The Jewish elite counted Bingham’s retraction as a victory, but the incident left many with the impression that the Jewish community needed a better mechanism for organizing around the fight against antisemitism. In New York, that meant the formation of the Kehillah, an ambitious experiment to create a unified Jewish communal organization. The Kehillah included educational and political committees, as well as a “Bureau of Social Morals” — a sort of self-policing body meant to help law enforcement root out crime among Jews. When it sank in that the bureau was only reinforcing an impression that the Kehillah had been formed to dispel, the bureau was scrapped.
The Kehillah lasted until 1922, when it disbanded over — spoiler alert — ideological disagreements among its constituent groups.

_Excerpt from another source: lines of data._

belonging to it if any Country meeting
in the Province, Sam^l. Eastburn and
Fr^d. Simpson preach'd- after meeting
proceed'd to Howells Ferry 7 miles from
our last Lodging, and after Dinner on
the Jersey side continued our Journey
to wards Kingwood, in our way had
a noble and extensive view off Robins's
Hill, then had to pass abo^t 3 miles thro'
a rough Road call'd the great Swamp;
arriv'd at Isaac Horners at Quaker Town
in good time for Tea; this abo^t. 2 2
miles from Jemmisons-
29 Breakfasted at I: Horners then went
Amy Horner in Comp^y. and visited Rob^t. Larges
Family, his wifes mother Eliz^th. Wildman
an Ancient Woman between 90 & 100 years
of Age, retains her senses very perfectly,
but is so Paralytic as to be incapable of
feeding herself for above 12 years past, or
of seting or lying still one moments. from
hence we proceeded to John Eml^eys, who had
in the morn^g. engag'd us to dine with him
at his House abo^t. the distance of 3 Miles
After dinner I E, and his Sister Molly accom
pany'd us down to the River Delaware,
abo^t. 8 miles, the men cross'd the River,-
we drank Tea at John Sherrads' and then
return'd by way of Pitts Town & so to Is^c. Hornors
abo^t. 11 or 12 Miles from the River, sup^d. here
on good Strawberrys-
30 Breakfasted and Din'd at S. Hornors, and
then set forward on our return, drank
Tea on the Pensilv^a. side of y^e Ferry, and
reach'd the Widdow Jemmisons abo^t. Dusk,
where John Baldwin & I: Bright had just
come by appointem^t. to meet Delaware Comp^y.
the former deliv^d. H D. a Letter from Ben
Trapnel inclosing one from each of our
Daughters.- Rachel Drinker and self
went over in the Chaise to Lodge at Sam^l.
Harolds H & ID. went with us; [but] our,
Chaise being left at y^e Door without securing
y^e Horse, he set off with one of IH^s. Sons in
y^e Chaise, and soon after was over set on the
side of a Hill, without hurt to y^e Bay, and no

But it created a precedent for centralized communal organizations to come, including UJA-Federation of New York.
In Minnesota too there are signs that the president’s attacks are strengthening the Somali community by sparking solidarity and organizing.“I think it’s giving us a chance for many Americans to learn about the Somali community, and not only that, but also to see the resilience,” Jaylani Hussein, executive director of the Minnesota chapter of CAIR, told CNN. “Also, it’s giving Somali Americans a chance to own their American identity and fight for it.”
When the Bingham incident is remembered, it is often to illustrate how officials trade on xenophobic fears over facts — and why such scapegoating, once unleashed, can do profound damage to both the targeted community and the civic fabric.
“We know that when a few people commit crimes, it does not implicate an entire community and to say so is racist, is xenophobic and just wrong,” Rabbi Adam Stock Spilker of Mount Zion Temple in St Paul told Fox 9 in Minneapolis last month.Meanwhile, the current police chief in Minneapolis, Brian O’Hara, has taken the very un-Bingham-like position that the “real problem” of social service fraud in the state doesn’t justify the “largely political” reaction of the federal government, especially immigration authorities.
“I had not known any Somali Americans until I moved to Minnesota,” O’Hara said Monday on “The Daily” podcast. “The Somali Americans that I have met here, including many of whom are police officers in this city, have been incredibly welcoming of me. From a personal perspective, [the immigration crackdown on Somalis] was just bizarre because I’m also aware that the overwhelming majority of people from that community are American citizens.”